Hopkins and his assistants also looked for the Devil's mark. This was a mark that all witches or sorcerers were thought to possess that was said to be dead to all feeling and would not bleed – although it was sometimes a mole, birthmark or an extra nipple. If the suspected witch had no such visible marks invisible ones could be discovered by pricking. Therefore, "witch prickers" were employed, who pricked the accused with knives and special needles looking for such marks, normally after the suspect had been shaved of all body hair. It was believed that the witch's familiar, an animal such as a cat or dog, would drink the witch's blood from the mark, as a baby drinks milk from the nipple.

===Opposition===
Hopkins and his company quickly ran into opposition after their work began, but one of his main antagonists was John Gaule, vicar of Great Staughton in Huntingdonshire. Gaule had attended a woman from St Neots who was held in gaol charged with witchcraft until such time as Hopkins could attend. Upon hearing that the woman had been interviewed, Hopkins wrote a letter to a contact asking whether he would be given a "good welcome". Gaule hearing of this letter wrote his publication Select Cases of Conscience touching Witches and Witchcrafts; London (1646) – dedicated to Colonel Walton of the House of Commons – and began a programme of Sunday sermons to suppress witch-hunting.

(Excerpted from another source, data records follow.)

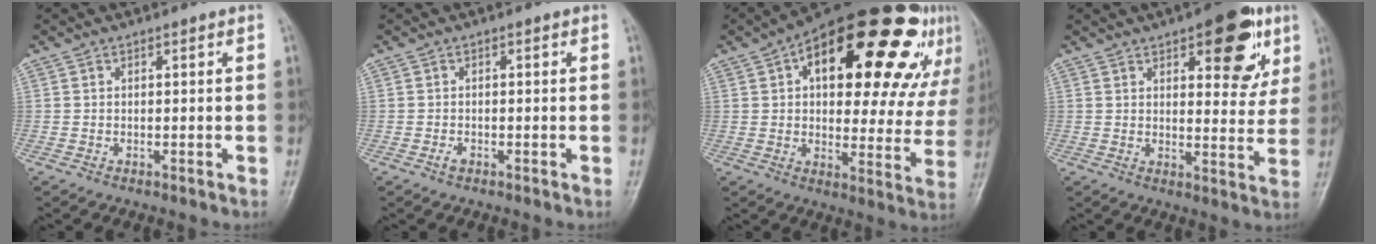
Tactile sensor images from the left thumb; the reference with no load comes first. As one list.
[{"total": 1.1, "force": [-0.6, 0.7, 0.7], "torque": [-0.011, 0.001, -0.013]}, {"total": 30.1, "force": [13.4, 13.9, 23.1], "torque": [-0.282, 0.021, 0.189]}, {"total": 13.7, "force": [6.7, 5.9, 10.4], "torque": [-0.087, -0.024, 0.082]}]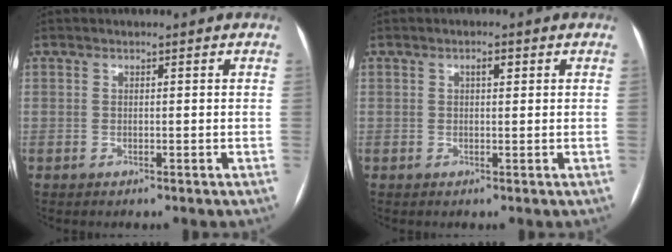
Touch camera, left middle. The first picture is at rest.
{"total": 1.4, "force": [0.5, 0.5, 1.2], "torque": [-0.018, 0.003, 0.007]}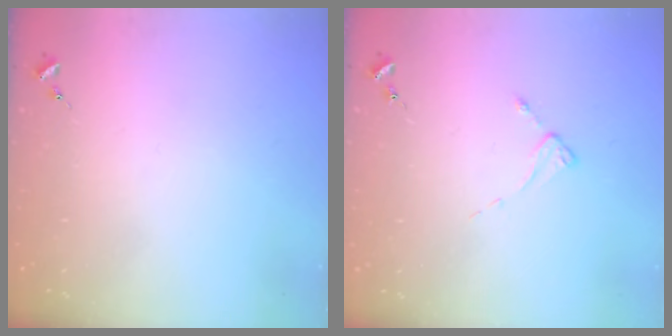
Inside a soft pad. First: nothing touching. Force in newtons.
{"total": 2.3, "press": 2.3, "slide": 0.3}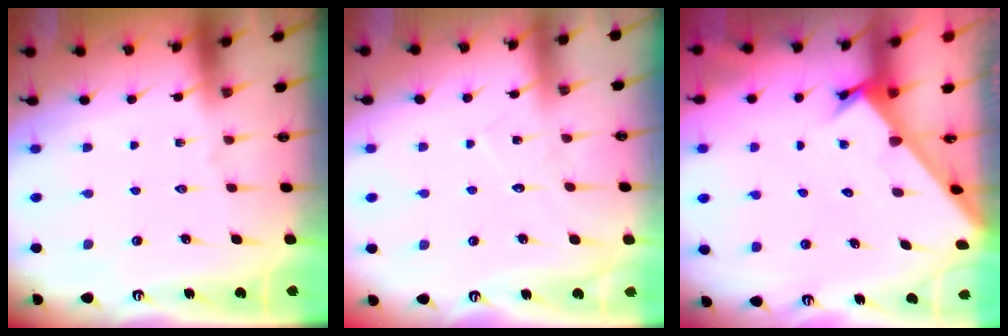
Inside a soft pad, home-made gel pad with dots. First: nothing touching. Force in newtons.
{"total": 5.4, "press": 5.4, "slide": 0.4}
{"total": 2.3, "press": 2.3, "slide": 0.2}

In Norfolk, both Hopkins and Stearne were questioned by justices of the assizes about the torturing and fees. Hopkins was asked if methods of investigation did not make the finders themselves witches, and if with all his knowledge did he not also have a secret, or had used "unlawful courses of torture". By the time this court session resumed in 1647, Stearne and Hopkins had retired, Hopkins to Manningtree and Stearne to Bury St Edmunds.

===Colonial impact===
Hopkins's witch-hunting methods were outlined in his book The Discovery of Witches, which was published in 1647. These practices were recommended in law books. During the year following the publication of Hopkins's book, trials and executions for witchcraft began in the New England colonies with the hanging of Alse Young of Windsor, Connecticut, on May 26, 1647, followed by the conviction of Margaret Jones. As described in the journal of Governor John Winthrop, the evidence assembled against Margaret Jones was gathered by the use of Hopkins's techniques of "searching" and "watching".

Jones's execution was the first in a witch hunt that lasted in New England from 1648 until 1663. About eighty people throughout New England were accused of practising witchcraft during that period, of whom fifteen women and two men were executed. Some of Hopkins's methods were employed during the Salem Witch Trials, which occurred primarily in Salem, Massachusetts in 1692–93. These trials resulted in 150 imprisonments and 19 executions for witchcraft, most by hanging. One man, Giles Corey, was pressed to death for refusing to plead.

==Death and legacy==

Matthew Hopkins died at his home in Manningtree, Essex, on 12 August 1647, probably of pleural tuberculosis. He was buried a few hours after his death in the graveyard of the Church of St Mary at Mistley Heath. In the words of historian Malcolm Gaskill, Matthew Hopkins "lives on as an anti-hero and bogeyman – utterly ethereal, endlessly malleable". According to historian Rossell Hope Robbins, Hopkins "acquired an evil reputation which in later days made his name synonymous with fingerman or informer paid by authorities to commit perjury".

What historian James Sharpe has characterised as a "pleasing legend" grew up around the circumstances of Hopkins's death, according to which he was subjected to his own swimming test and executed as a witch, but the parish registry at Mistley confirms his burial there.